SUPPLIED RECORDS START
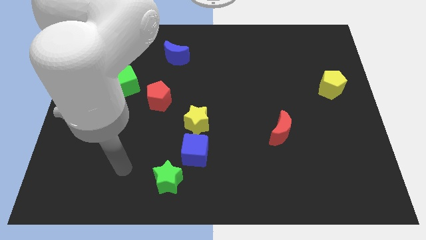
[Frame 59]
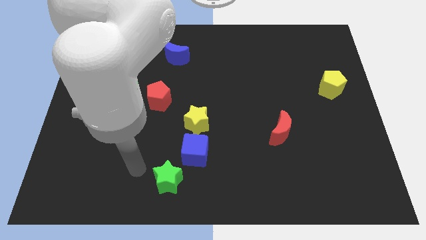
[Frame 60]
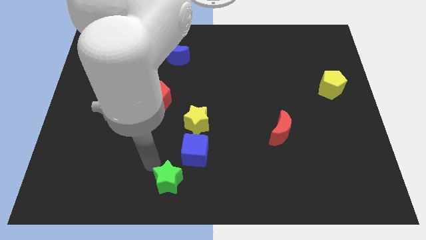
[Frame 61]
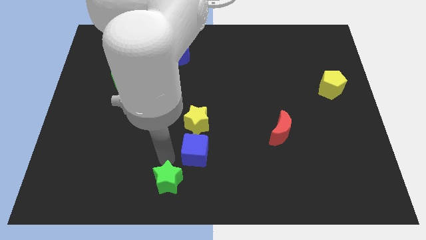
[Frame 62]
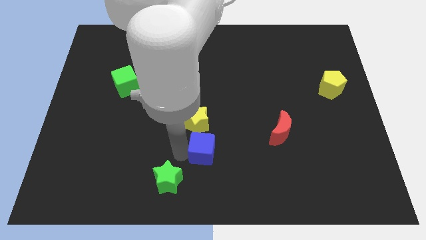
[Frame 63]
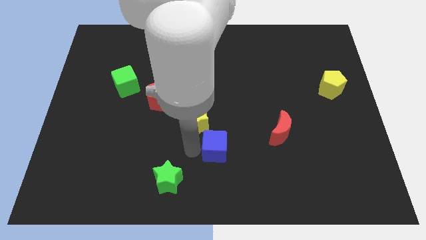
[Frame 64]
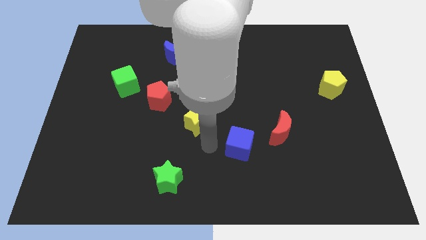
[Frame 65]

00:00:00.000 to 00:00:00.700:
separate the yellow star from the blue cube
SUPPLIED RECORDS END
* **WORK TO BE COMPLETED**
In the listing above, show every line with the word "Frame".

* **OUTPUT FOR THIS EXERCISE**
[Frame 59]
[Frame 60]
[Frame 61]
[Frame 62]
[Frame 63]
[Frame 64]
[Frame 65]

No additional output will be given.